If we try to decrease the risk of one of the errors, the risk of the
other error increases, i.e., α↑ as β↓. [This is the same as sensitivity
and specificity of diagnostic tests.] To visualize it on our figure,
imagine shifting the ///\\\ demarcation at 2.8 to the left, to say 2.7.
That increases α. Then the /// area, i.e., β, decreases.
Practical application: If A is a current treatment, and B is a
potential new one, then smaller αs mean that we are more
concerned with marketing a non-superior new drug. Smaller βs
mean we are more concerned with missing a superior new drug.
5: Effect of Study Size on Risks of Error
In the previous slide, the FDA may want a small α, and drug
company might want a small β. To achieve this, a larger study
could be performed. We can verify this with our graph.

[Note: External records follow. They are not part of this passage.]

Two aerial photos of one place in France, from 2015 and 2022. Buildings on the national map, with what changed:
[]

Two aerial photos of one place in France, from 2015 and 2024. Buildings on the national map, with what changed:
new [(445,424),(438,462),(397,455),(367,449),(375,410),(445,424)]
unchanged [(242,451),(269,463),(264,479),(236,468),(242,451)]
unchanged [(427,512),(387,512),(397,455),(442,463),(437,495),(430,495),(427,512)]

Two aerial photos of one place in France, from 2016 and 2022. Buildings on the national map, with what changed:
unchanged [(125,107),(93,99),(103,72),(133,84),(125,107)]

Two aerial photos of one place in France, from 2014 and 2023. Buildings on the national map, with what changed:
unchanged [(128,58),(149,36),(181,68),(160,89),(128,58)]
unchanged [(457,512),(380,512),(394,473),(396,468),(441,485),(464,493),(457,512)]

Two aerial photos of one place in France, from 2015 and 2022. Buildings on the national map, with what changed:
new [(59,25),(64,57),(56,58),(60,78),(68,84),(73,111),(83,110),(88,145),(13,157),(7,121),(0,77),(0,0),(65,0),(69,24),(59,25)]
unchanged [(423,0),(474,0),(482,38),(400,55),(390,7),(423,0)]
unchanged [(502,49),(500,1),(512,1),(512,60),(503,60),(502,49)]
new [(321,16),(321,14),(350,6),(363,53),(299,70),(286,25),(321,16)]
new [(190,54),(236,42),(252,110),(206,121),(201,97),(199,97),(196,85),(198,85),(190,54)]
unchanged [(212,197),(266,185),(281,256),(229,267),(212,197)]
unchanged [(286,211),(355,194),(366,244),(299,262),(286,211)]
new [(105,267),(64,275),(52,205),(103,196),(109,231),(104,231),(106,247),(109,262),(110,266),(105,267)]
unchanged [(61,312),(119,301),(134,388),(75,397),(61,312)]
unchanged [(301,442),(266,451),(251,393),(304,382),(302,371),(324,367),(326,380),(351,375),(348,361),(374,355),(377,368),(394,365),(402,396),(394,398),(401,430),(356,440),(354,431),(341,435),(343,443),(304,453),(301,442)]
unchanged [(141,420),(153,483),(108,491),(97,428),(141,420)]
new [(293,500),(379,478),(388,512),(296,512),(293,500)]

In our figure example, suppose we had had a larger study, say
twice as many subjects in each group. Then, both curves will be
narrowed, since their widths depend on SE, which has N in the
denominator. If we maintain α=0.05, the ///\\\ demarcation will
shift to the left due to the narrowed left curve, and β will be much
smaller, due to both the narrower right curve, and the
demarcation shift. The demarcation could then be shifted to the
right to lower α, which increases the current β, but still keeps it
small.
There are algorithms to choose the right N to achieve any desired
α and β.
Power of a Study
Statistical power = 1 – β.
Power is thus the probability of correctly detecting an effect in a
study. In our example, the drug company is really thinking not in
terms of β, but in the ability of the study to detect that the new
drug is actually more effective, if in fact it is.
Since the FDA requires α=0.05, then a major component of
designing a study is the determination of it’s size so that it has
sufficient power.
This is the topic for the next session #4.